Qwen3-4B-Instruct-2507 fully fine-tuned on the BioTool training split (5,632 samples). The resulting model produces structured tool calls against 127 biomedical APIs spanning NCBI E-utilities + BLAST, UniProt and Ensembl REST.

Quick start

from transformers import AutoModelForCausalLM, AutoTokenizer

tok = AutoTokenizer.from_pretrained("gxx27/BioTool-finetuned-Qwen3-4B")
mdl = AutoModelForCausalLM.from_pretrained(
    "gxx27/BioTool-finetuned-Qwen3-4B",
    torch_dtype="auto",
    device_map="auto",
)

system = (
    "You are a biomedicine function-calling assistant. Always respond by calling "
    "exactly one function from the provided tools with a single tool call. Do not "
    "answer with natural language."
)
question = "What is the genomic location of the BRCA1 gene in humans?"

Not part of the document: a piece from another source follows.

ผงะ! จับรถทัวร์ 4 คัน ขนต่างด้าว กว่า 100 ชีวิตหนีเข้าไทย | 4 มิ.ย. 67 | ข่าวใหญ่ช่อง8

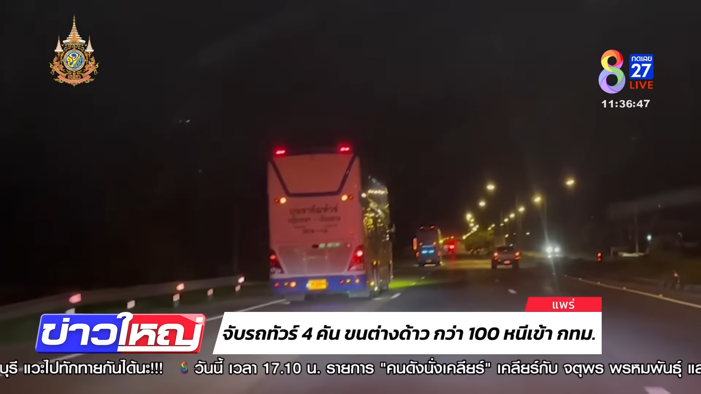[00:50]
อยต่อจังหวัดแพร่แล้วก็จังหวัดอุตร capacitครับ การจับกุมคือมันมีสายขาวรายงานบอกเดี๋ยวจะมีต่างด้าว ลบหนีจากประเทศเพื่อนบ้านจำนวนมากเลยแล้วก็ใช้เส้นทางรถถัวจาก tavขแอน перแอมสายจนหวัดเชียงรายมุ่งหน้ากรุงเทบมหา

prompt = tok.apply_chat_template(
    [
        {"role": "system", "content": system},
        {"role": "user",   "content": question},
    ],
    tokenize=False,
    add_generation_prompt=True,
)
out = mdl.generate(**tok(prompt, return_tensors="pt").to(mdl.device), max_new_tokens=256)
print(tok.decode(out[0][tok(prompt, return_tensors="pt")["input_ids"].shape[1]:],
                 skip_special_tokens=False))

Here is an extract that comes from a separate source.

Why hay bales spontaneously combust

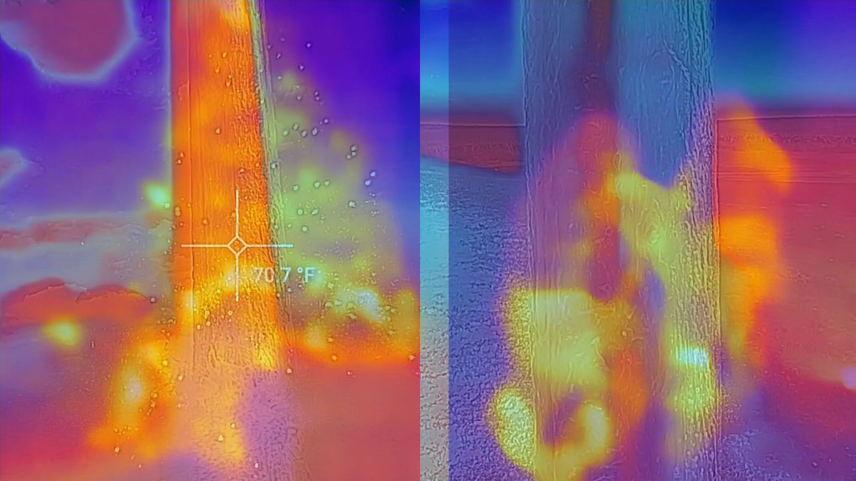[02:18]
you can, you know, pinpoint the water to where the hot bale is,

To execute the resulting tool call, use the Python wrappers in the BioTool repository:

import sys
sys.path.insert(0, "/path/to/BioTool")
from ensembl.lookup.api import lookup_by_symbol

print(lookup_by_symbol(species="human", symbol="BRCA1"))

Training data

Source: the BioTool training split (data/BioTool_train.json).
Format: ShareGPT-style conversations of the form system → user → function_call, where function_call.value is a JSON object {"name": <tool_name>, "arguments": <dict>}.
Coverage: 127 tools across 3 databases (NCBI / UniProt / Ensembl).
Size: 5,632 samples (an additional 1,408 samples form the held-out test set used to evaluate the model).

Training setup

Base model: Qwen/Qwen3-4B-Instruct-2507
Tuning method: full fine-tuning (no LoRA)
Framework: LLaMA-Factory
Template: qwen3_nothink
Cutoff length: 2,048
Optimizer: AdamW (fused), lr=2e-5, cosine schedule, warmup_ratio=0.1
Epochs: 3
Effective batch size: 16 (per-device 1 × grad-accum 16)
Precision: bf16
Hyperparameter file: qwen3_4b.yaml in the BioTool repo's llamafactory_cfgs/

Evaluation

On the BioTool test split (1,408 samples), this model achieves the highest BioTool Score among the open-source models we evaluated, while also being the smallest (4B parameters). Per-database breakdowns and head-to-head numbers against GPT-5.1, GPT-5.1-Codex, Claude Sonnet 4.5 and Gemini 3 Pro are reported in the paper.

Citation

@misc{gao2026biotoolcomprehensivetoolcallingdataset,
      title={BioTool: A Comprehensive Tool-Calling Dataset for Enhancing Biomedical Capabilities of Large Language Models},
      author={Xin Gao and Ruiyi Zhang and Meixi Du and Peijia Qin and Pengtao Xie},
      year={2026},
      eprint={2605.05758},
      archivePrefix={arXiv},
      primaryClass={cs.CL},
      url={https://arxiv.org/abs/2605.05758},
}

License

Released under the Apache 2.0 license, inheriting from the base model. The underlying API responses used during training are subject to the licenses of the respective NCBI, UniProt and Ensembl services.